Hosnieh Rafiee wrote:
>>> In corporate environments it is very important that cross-correlation
>>> of log events can occur to support various operational processes (also
>>> over longer periods of time and for examining historical records).
>>> IPv4 did not randomly rotate end node identifiers in an uncorrelated
>>> manner, and the consequences of this new behaviour could be far
> reaching.
>> Well, I think the jury is out on use of 4941 in enterprise environments.
> There
>> are advantages and disadvantages. Accountability is still manageable.
>>
>> But in general I agree with Ray's points.
>>
>
> If the monitoring is the key role in your network and you have access to the
> inside of your whole network, the question is why you sacrifice your users
> privacy by having the same IID forever in the same network? You can use a
> monitoring system where log the MAC and IP addresses of the pcs. If the IP
> addresses changes, you can still monitor them based on their MAC and log
> this new IP address for this computer for further usage or any new events
> and keep this log for a certain period of time. 
>
> Thanks for your comments.
> Regards,
> Hosnieh
>
>

I think you greatly underestimate and trivialise the proliferation of
operational processes and systems that use an IP address as a node
identifier and as a key to other data, and that rely on it being largely
time invariant/ stable (at the very least for a decent caching interval
so that it doesn't have to be resolved for every inbound
packet/connection being processed, or for the time that the machine is
switched on). I think that risk is well worth noting in your draft.

You only have to look at something like ~/.ssh/known_hosts, where a flat
file uses an IP address to associate a server with a public key, to see
how widespread this practice is.

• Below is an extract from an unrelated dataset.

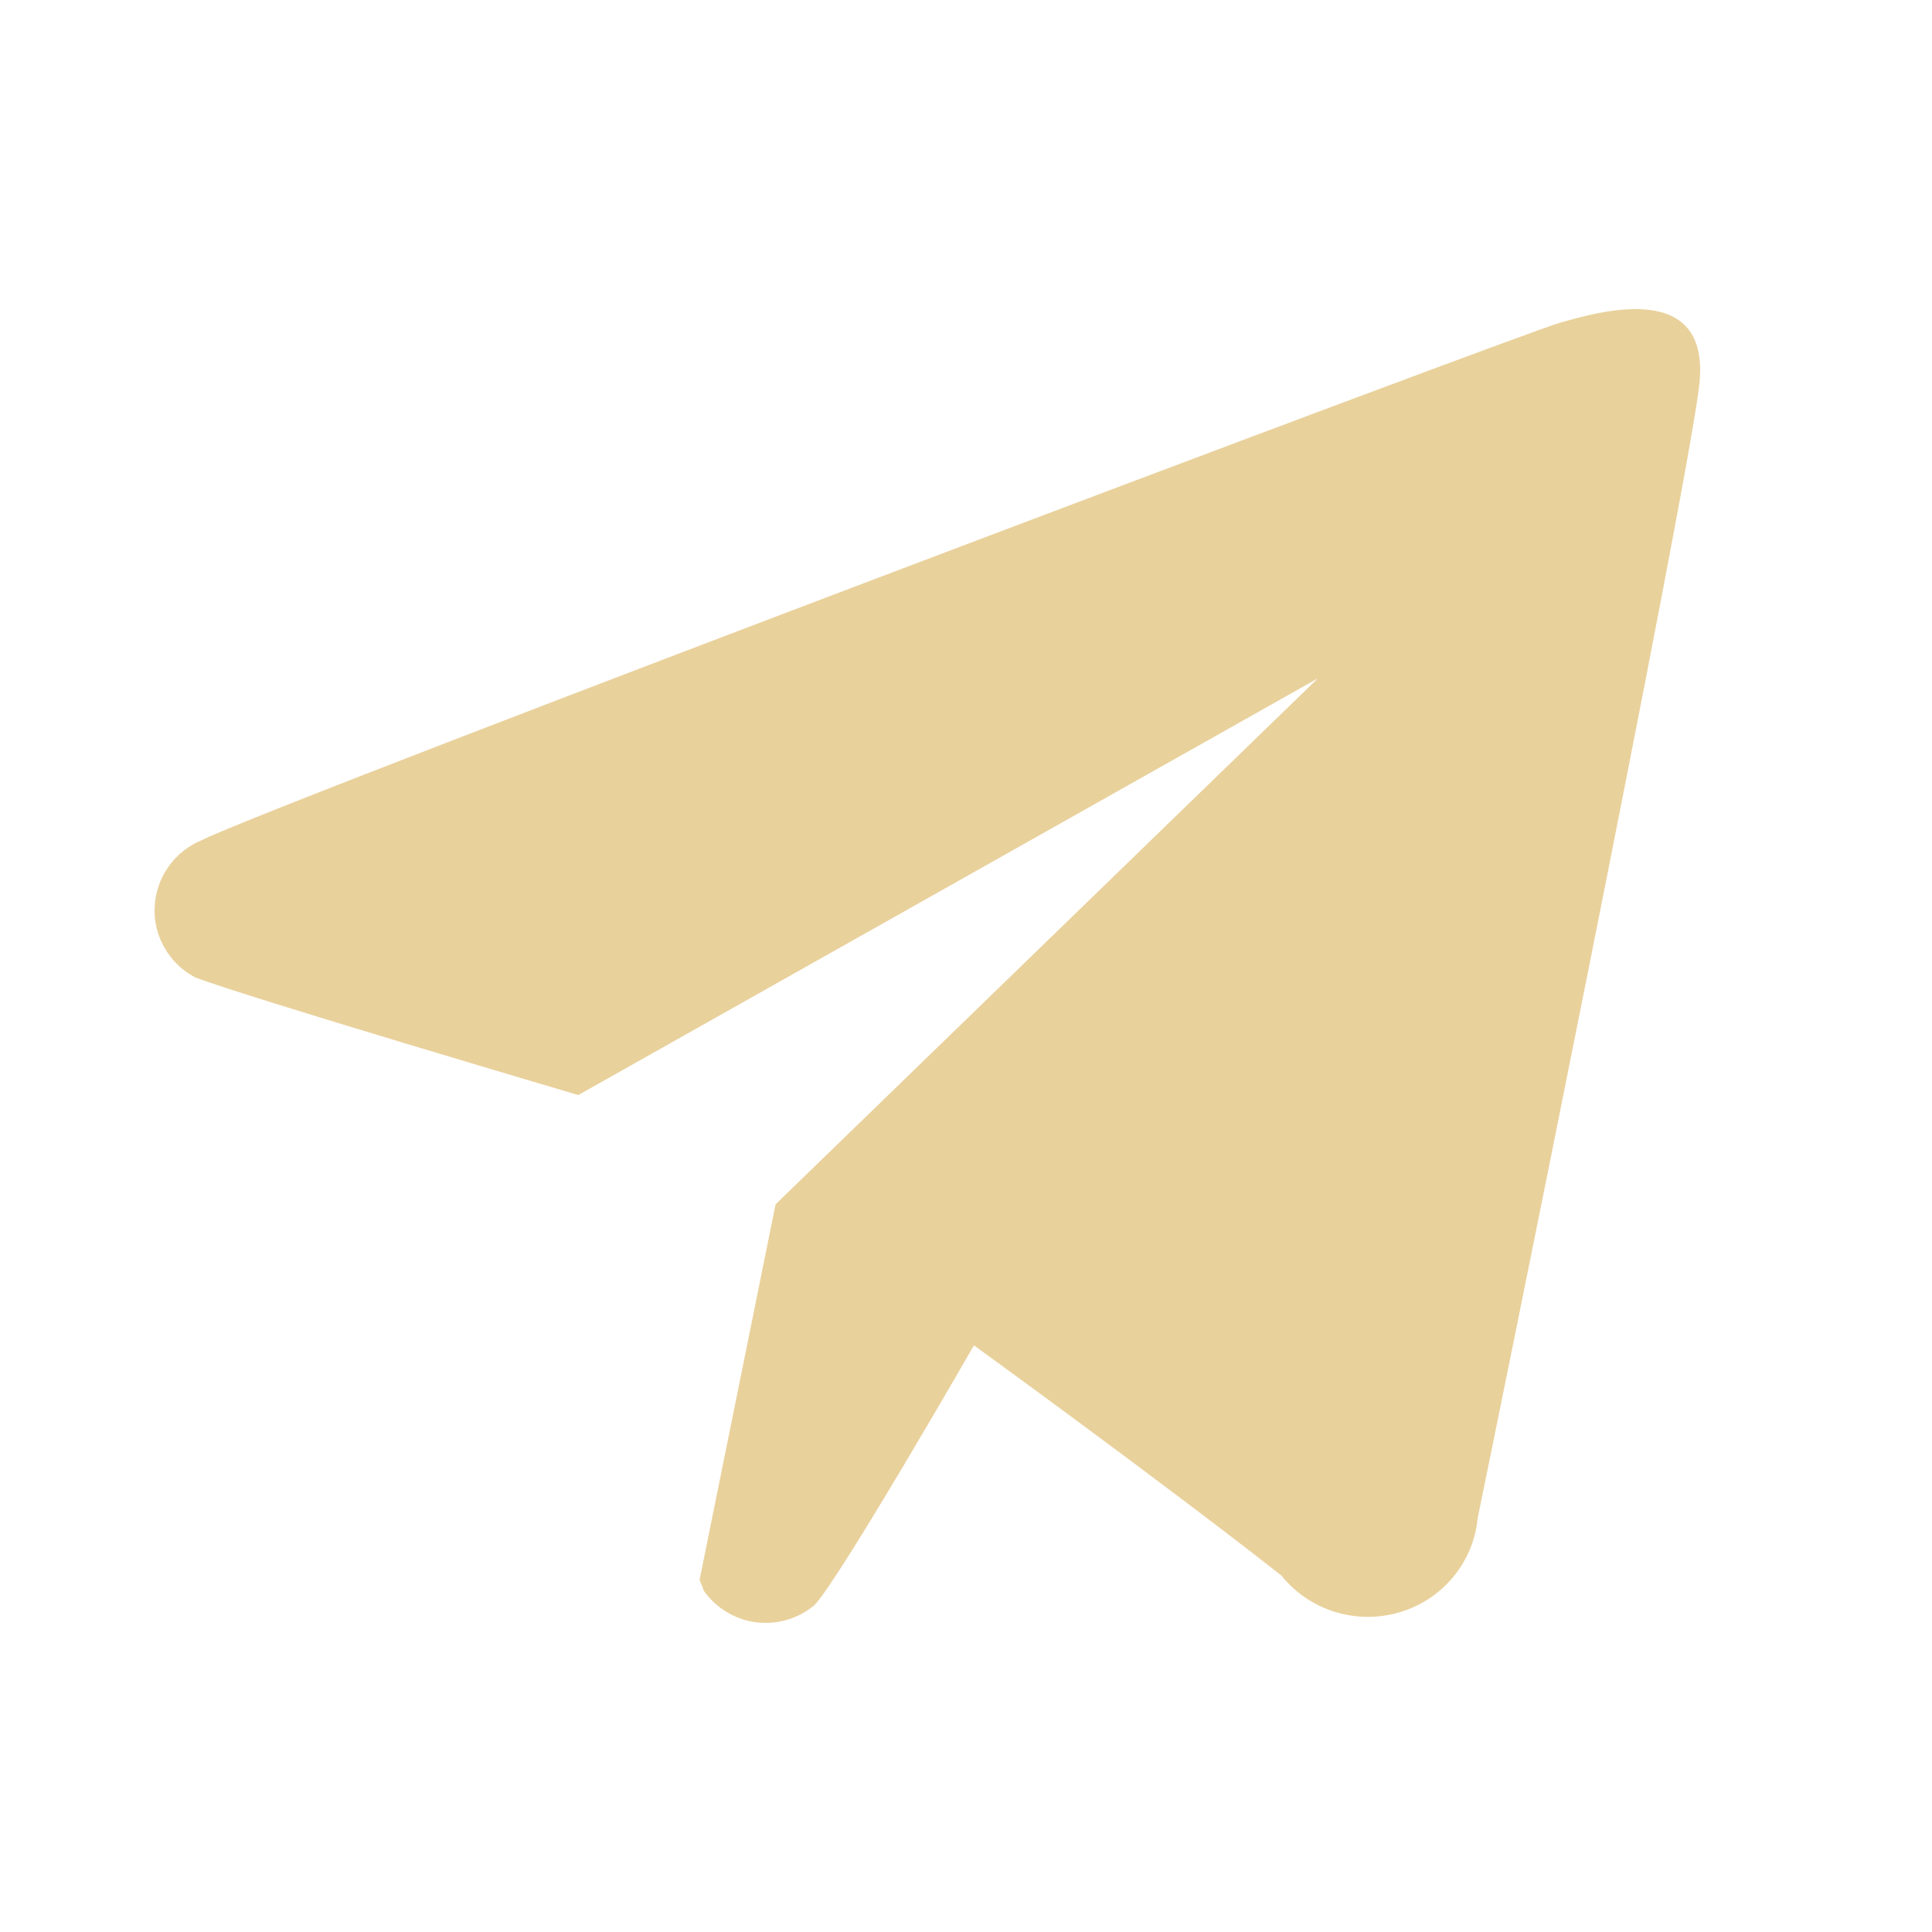 <?xml version="1.0" encoding="UTF-8"?> <svg xmlns="http://www.w3.org/2000/svg" width="25" height="25" viewBox="0 0 25 25" fill="none"><path fill-rule="evenodd" clip-rule="evenodd" d="M19.121 19.643C19.096 19.923 18.984 20.189 18.803 20.408C18.623 20.625 18.381 20.784 18.107 20.864C17.833 20.944 17.542 20.941 17.271 20.857C16.999 20.772 16.759 20.609 16.582 20.388C15.028 19.167 12.603 17.409 12.603 17.409C12.603 17.409 10.849 20.461 10.535 20.774C10.431 20.86 10.311 20.924 10.181 20.961C10.05 20.999 9.915 21.009 9.779 20.992C9.645 20.974 9.517 20.929 9.401 20.858C9.286 20.789 9.186 20.696 9.109 20.586C9.093 20.539 9.073 20.491 9.052 20.446L10.036 15.584L17.053 8.778L7.483 14.17C7.483 14.17 3.161 12.894 2.52 12.645C2.354 12.556 2.217 12.422 2.126 12.259C2.033 12.096 1.99 11.911 2.002 11.725C2.012 11.539 2.075 11.361 2.184 11.209C2.294 11.056 2.445 10.938 2.619 10.868C3.532 10.409 19.635 4.336 20.177 4.179C20.719 4.023 22.145 3.616 21.988 4.986C21.831 6.357 19.278 18.891 19.121 19.643Z" fill="#E9D19C"></path></svg>

If you want it to stop this practice 1)
it's going to be a long and painful process 2) you'll probably need to
provide a viable alternative source for node identifiers and/or user
identifiers.

Otherwise if something like my SSH server process decides to time cycle
it's IP address and dynamically update DNS due to a lifetime timing out
1) it is likely that every single long-lived remote SSH session will be
broken at some point,
2) upon reconnection to the new server address registered in DNS, all
users will likely be asked to relearn/reconfirm the trust relationship
with the server.

That trust association can't be trivially repaired for an automatic/cron
process without an alternative trusted source of node identifier.

This is just one of a myriad of examples.